From Negligible to Severe


At Planet Gore, a titanic battle is being waged between Jim Manzi and "sound science" advocate Steven Milloy.

Milloy shrieks that climate change is a fabrication of doomstruck lie-beral alarmists who will kill us all, and that climate feedback loops are completely hypothetical, and then spatters a photo of Ayn Rand with clumpy yellowish semen (I'm paraphrasing here).

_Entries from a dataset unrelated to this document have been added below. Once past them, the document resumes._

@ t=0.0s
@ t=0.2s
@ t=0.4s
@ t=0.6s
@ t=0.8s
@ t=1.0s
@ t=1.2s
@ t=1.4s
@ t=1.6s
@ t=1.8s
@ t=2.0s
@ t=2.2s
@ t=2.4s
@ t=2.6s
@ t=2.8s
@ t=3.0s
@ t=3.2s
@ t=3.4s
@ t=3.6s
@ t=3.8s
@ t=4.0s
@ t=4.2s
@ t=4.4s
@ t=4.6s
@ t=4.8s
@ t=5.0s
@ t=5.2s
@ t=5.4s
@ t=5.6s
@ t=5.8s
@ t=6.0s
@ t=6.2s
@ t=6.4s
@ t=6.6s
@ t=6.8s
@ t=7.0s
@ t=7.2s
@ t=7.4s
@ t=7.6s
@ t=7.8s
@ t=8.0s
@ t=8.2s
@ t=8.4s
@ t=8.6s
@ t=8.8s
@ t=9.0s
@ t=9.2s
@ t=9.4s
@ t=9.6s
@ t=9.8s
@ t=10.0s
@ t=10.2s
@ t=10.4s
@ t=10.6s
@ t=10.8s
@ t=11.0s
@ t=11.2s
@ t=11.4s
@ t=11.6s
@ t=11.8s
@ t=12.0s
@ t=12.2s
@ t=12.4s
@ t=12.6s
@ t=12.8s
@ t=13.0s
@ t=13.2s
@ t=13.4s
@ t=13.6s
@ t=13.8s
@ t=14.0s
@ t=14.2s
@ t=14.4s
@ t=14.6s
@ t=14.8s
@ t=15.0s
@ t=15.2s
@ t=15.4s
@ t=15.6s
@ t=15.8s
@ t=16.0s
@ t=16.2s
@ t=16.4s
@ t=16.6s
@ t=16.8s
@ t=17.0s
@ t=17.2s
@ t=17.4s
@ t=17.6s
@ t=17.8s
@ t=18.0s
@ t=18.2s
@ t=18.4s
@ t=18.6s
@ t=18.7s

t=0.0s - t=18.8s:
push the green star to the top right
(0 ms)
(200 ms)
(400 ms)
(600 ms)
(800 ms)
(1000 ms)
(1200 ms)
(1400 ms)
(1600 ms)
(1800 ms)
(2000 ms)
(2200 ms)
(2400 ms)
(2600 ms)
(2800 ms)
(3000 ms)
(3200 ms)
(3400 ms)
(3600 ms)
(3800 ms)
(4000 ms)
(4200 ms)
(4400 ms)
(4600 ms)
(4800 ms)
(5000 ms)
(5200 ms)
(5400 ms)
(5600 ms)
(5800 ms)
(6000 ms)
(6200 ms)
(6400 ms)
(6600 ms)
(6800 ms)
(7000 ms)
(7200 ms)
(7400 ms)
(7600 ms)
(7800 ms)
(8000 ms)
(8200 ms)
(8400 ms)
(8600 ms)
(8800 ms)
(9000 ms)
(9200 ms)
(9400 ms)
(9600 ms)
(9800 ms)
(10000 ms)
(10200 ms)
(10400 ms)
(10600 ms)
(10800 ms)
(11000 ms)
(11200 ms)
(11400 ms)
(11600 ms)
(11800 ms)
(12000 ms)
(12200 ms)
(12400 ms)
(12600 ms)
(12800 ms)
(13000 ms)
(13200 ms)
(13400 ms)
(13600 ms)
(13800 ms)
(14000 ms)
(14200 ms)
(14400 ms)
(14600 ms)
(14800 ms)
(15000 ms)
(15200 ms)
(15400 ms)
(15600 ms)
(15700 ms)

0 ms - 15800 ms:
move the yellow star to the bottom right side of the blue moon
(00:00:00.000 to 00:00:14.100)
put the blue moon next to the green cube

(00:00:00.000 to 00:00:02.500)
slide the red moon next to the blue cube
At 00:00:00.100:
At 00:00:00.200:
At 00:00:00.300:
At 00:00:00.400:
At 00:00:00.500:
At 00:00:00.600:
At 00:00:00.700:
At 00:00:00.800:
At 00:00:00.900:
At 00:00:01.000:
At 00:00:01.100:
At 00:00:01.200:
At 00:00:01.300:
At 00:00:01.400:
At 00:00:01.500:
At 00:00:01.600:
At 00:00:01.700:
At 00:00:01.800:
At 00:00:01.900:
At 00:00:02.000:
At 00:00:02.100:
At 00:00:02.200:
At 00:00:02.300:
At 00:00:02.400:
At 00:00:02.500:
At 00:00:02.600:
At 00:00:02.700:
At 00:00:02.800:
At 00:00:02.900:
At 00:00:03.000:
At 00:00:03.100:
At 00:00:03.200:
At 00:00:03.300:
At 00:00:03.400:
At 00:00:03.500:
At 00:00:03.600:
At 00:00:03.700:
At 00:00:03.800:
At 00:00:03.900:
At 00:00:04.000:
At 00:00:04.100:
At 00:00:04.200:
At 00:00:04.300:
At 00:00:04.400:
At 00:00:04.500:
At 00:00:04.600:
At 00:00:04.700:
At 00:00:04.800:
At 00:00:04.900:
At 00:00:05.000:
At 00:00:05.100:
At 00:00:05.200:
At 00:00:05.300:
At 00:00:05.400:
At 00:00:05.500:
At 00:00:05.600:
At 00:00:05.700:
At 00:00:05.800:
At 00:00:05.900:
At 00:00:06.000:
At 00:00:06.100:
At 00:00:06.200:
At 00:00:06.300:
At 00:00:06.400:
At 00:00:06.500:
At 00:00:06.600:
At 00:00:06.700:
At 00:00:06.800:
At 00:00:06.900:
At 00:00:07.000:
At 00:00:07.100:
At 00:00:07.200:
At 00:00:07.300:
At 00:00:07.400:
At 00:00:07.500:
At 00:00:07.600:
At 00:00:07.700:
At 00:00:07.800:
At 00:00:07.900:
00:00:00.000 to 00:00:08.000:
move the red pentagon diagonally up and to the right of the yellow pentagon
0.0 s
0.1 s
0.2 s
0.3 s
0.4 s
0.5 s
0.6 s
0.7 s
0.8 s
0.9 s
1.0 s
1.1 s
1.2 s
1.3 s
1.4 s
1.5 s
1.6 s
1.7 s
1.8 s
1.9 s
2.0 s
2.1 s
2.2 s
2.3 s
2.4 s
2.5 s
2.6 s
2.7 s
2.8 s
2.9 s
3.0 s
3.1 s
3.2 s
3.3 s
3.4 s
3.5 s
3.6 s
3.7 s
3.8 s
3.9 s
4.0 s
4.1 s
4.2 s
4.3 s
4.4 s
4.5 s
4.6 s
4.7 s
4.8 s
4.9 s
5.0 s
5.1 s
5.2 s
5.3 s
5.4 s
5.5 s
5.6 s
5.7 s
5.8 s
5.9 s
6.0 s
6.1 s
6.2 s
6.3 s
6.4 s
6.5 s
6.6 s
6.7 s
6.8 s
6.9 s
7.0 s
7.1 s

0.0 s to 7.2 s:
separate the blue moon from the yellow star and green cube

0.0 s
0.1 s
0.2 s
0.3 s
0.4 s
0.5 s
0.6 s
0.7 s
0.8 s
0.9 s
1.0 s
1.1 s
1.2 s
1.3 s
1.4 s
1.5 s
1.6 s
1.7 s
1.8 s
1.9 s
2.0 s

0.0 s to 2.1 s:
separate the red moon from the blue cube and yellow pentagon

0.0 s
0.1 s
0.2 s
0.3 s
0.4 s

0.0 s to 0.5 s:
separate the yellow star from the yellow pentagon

Manzi accepts that some amount of anthropogenic climate change is happening, but feels that "its impact over the next century could plausibly range from negligible to severe." Therefore, addressing it is a good idea, but possibly not, and he's not being indecisive (splunge!).

In other words, Manzi favors pretty much the same approach the Right takes to the threat of nuclear terrorism. You don't want to be too hasty about changing laws around, and spending billions of dollars on prevention, and taking staggering geopolitical risks, when the catastrophe you're afraid of may not even happen.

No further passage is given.